* [Problem requirements] Only the lines of the data below from the one with "its share: > 75 %" through the one with "longitude: -4.3923" are wanted. Repeat them exactly.

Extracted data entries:
· · · · ·
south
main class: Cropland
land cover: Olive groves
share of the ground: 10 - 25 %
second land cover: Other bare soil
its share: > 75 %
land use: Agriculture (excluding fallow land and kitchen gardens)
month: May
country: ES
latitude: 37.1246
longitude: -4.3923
· · · · ·
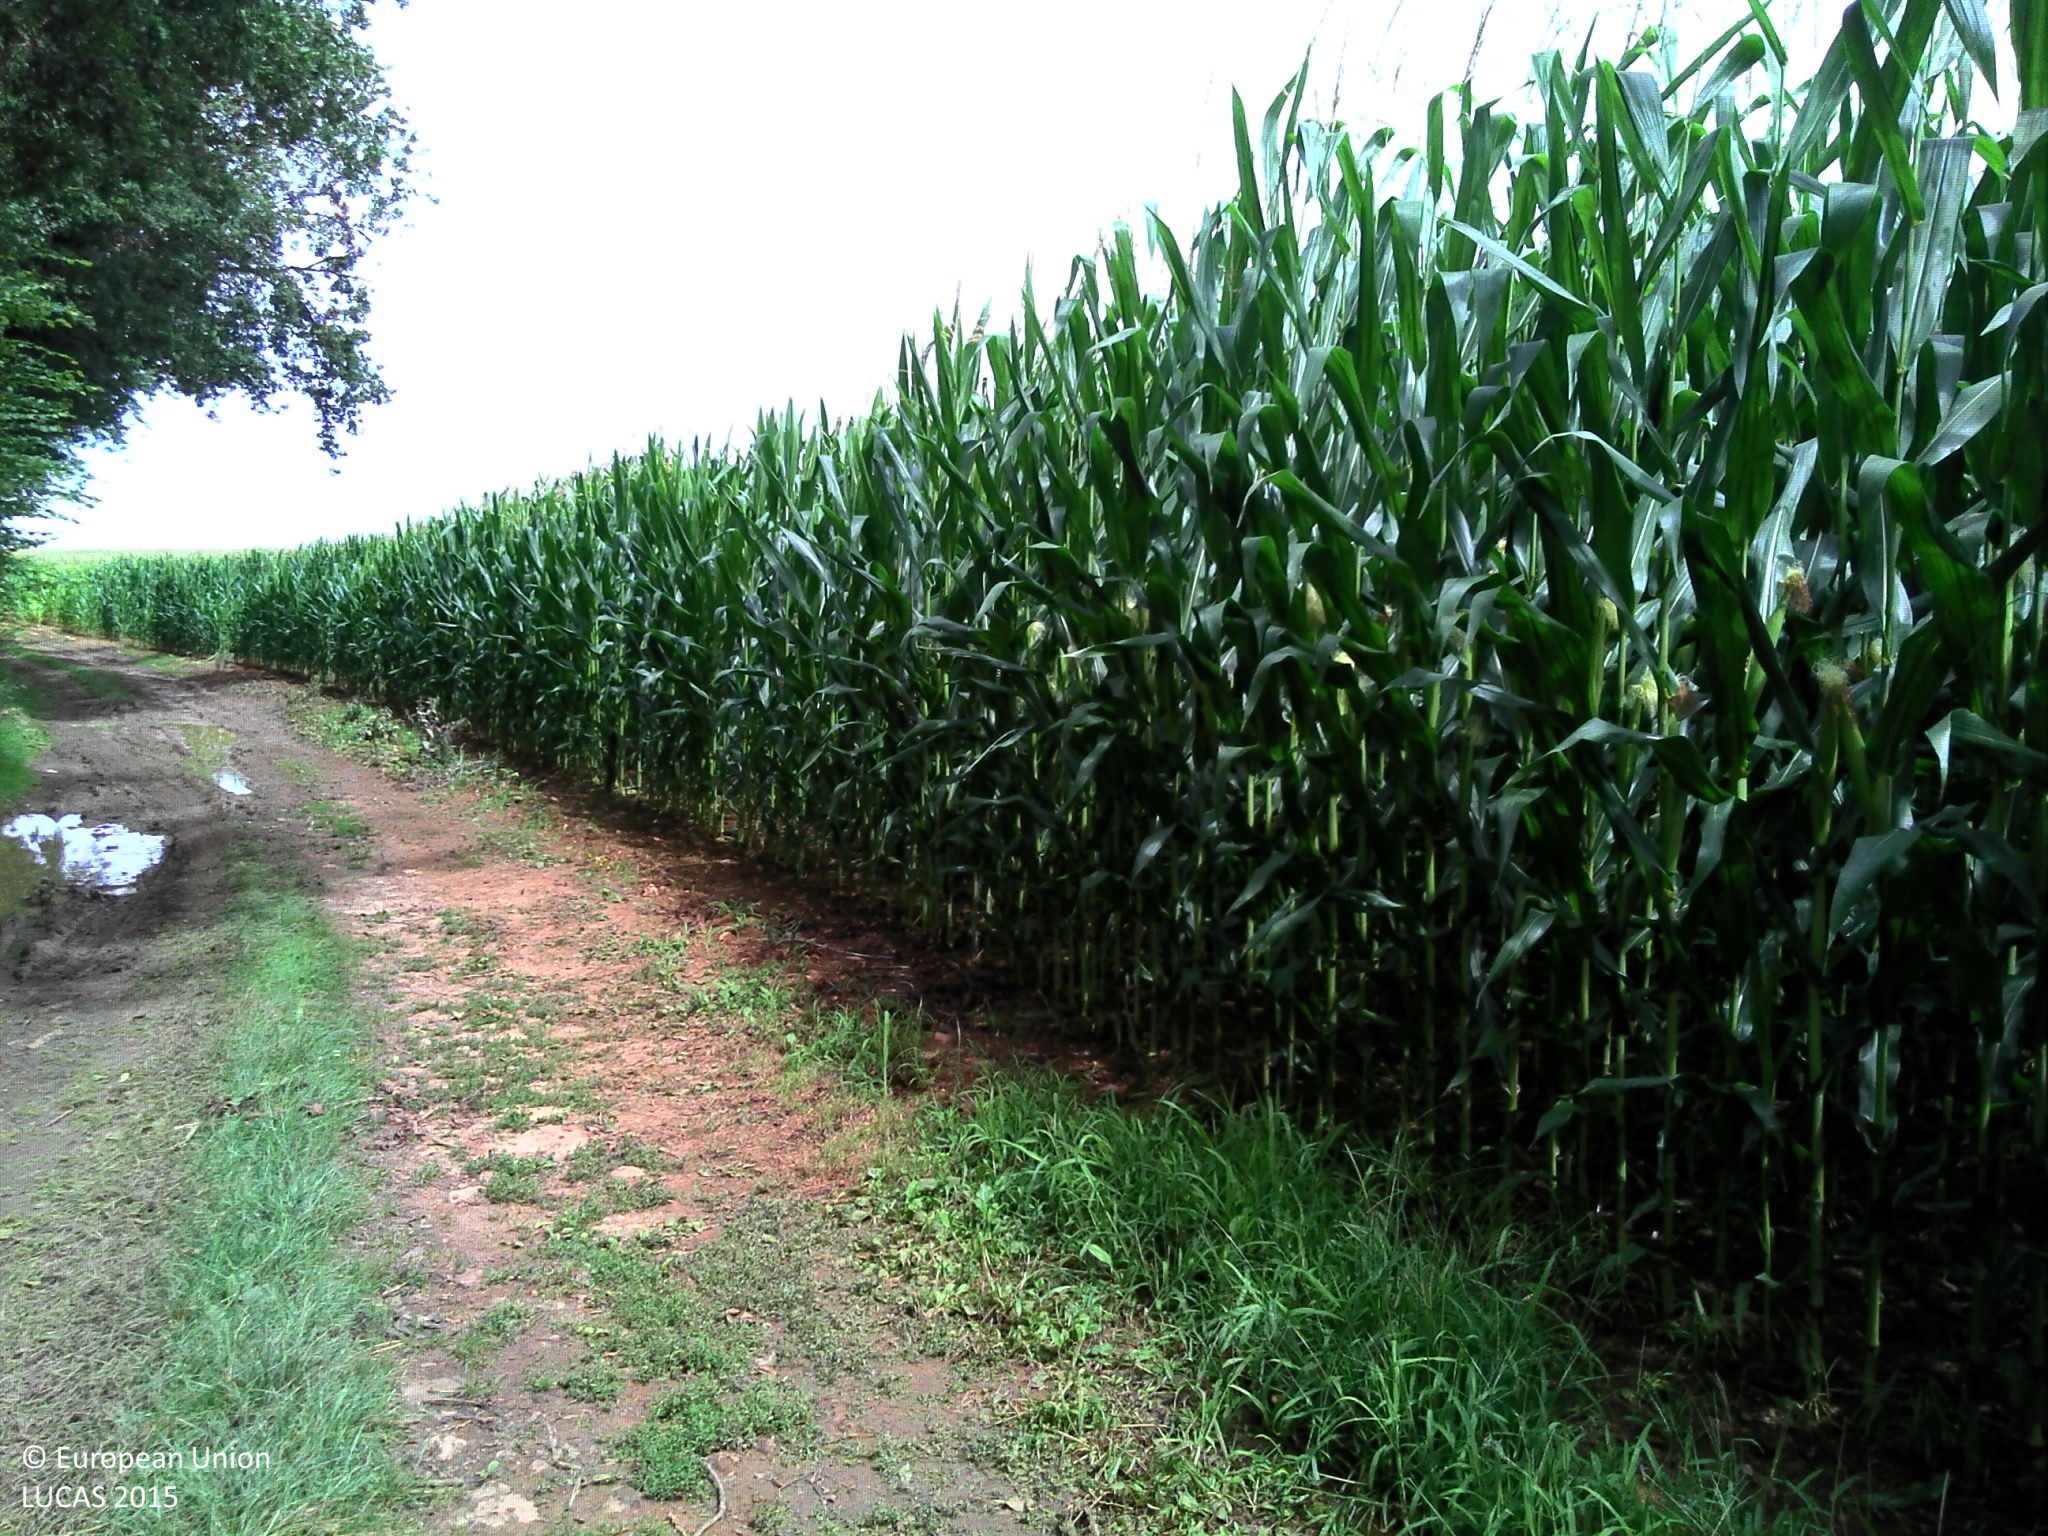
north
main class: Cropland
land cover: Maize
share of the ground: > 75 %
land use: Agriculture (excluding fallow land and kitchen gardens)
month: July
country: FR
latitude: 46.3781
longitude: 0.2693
· · · · ·
* [Task output]
its share: > 75 %
land use: Agriculture (excluding fallow land and kitchen gardens)
month: May
country: ES
latitude: 37.1246
longitude: -4.3923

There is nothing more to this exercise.